The runtime behavior ended up being one of the better decisions. The web app loads quickly using existing data from blob storage, then triggers the function to refresh it. The function queries Sentinel, enriches the data, writes it back, and then shuts down when not in use. It keeps costs down while still feeling responsive.
Looking back, the hardest part was not Azure, not security, not even the architecture. It was managing the interaction with the LLM itself.
Vibe coding works. It expands what I can build and how quickly I can get there, especially when working across multiple technologies. But it is not free, and it is not always efficient. There were moments where a complex feature came together in minutes, followed by hours spent fixing something that should have been simple.
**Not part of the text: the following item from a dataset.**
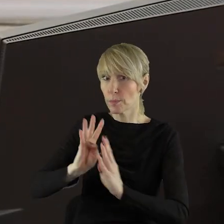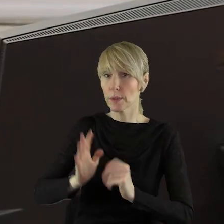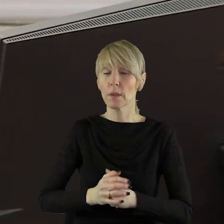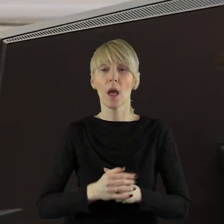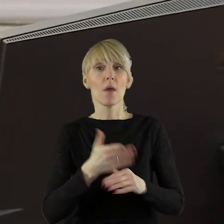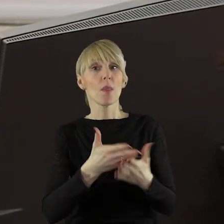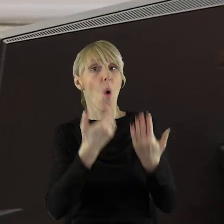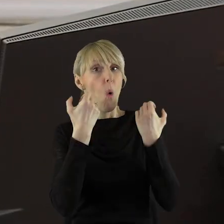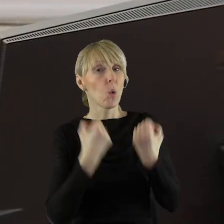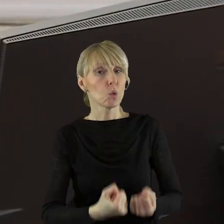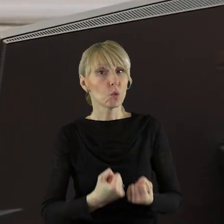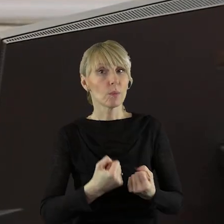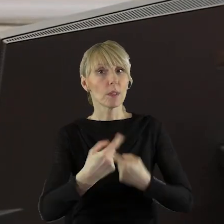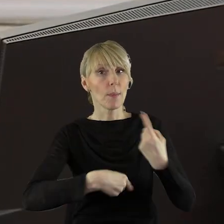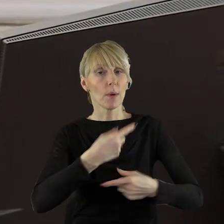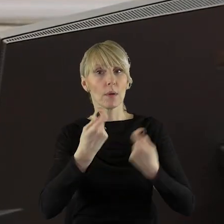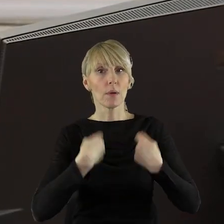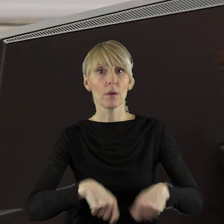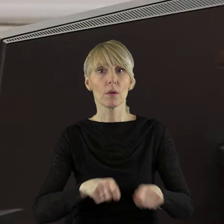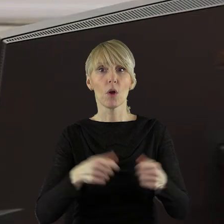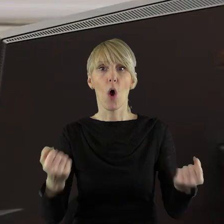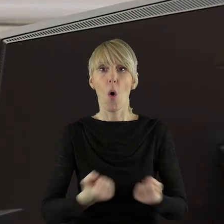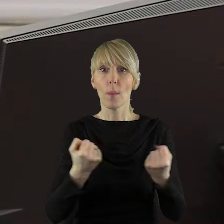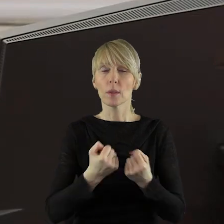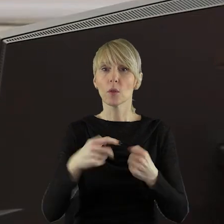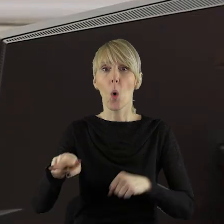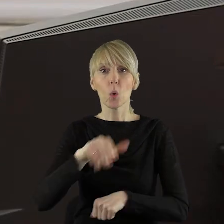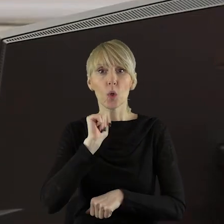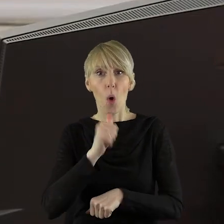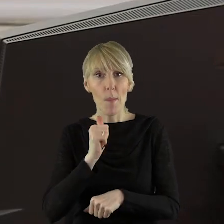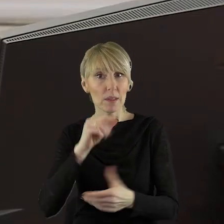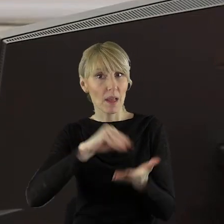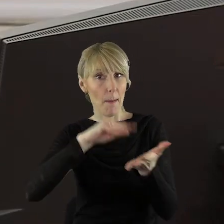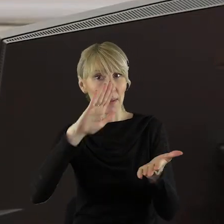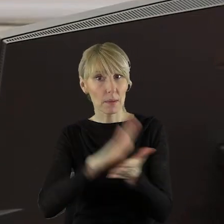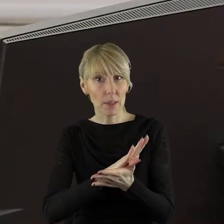Utrzymanie produkcji rolnej jest zapisane w traktacie o funkcjonowaniu Unii Europejskiej.

There were long prompt sessions, repeated iterations, and more than a few cycles that felt like burning compute for very little forward progress. Over the course of roughly 80 to 100 hours and more than 500 commits, the project slowly took shape. I would not be surprised if a small rainforest paid the price for this project.
Still, I would not go back.
Without it, I likely would have simplified the idea or never finished it at all. With it, I was able to push through unfamiliar areas, connect pieces that normally take much longer to learn, and build something that feels complete.
It is not about replacing the work. It is about changing how the work gets done. You are still responsible for the outcome. You just have a very capable, easily distracted partner helping you get there.